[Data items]
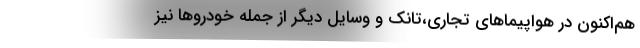
هم‌اکنون در هواپیماهای تجاری،تانک و وسایل دیگر از جمله خودروها نیز
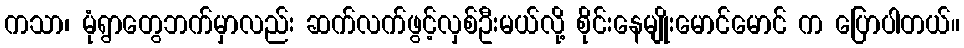
ကသာ၊ မုံရွာတွေဘက်မှာလည်း ဆက်လက်ဖွင့်လှစ်ဦးမယ်လို့ စိုင်းနေမျိုးမောင်မောင် က ပြောပါတယ်။
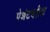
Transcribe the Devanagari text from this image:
पेशंटवरील
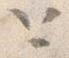
と
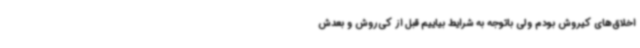
اخلاق‌های کیروش بودم ولی باتوجه به شرایط بیاییم قبل از کی‌روش و بعدش
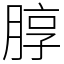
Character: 朜
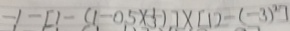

> What needs to be done
An exact copy of the lines from the one with "Transcribe the Devanagari" through the end of the records: produce that and nothing more, leaving out the pictures.

> Exercise output
Transcribe the Devanagari text from this image:
पेशंटवरील
と
اخلاق‌های کیروش بودم ولی باتوجه به شرایط بیاییم قبل از کی‌روش و بعدش
Character: 朜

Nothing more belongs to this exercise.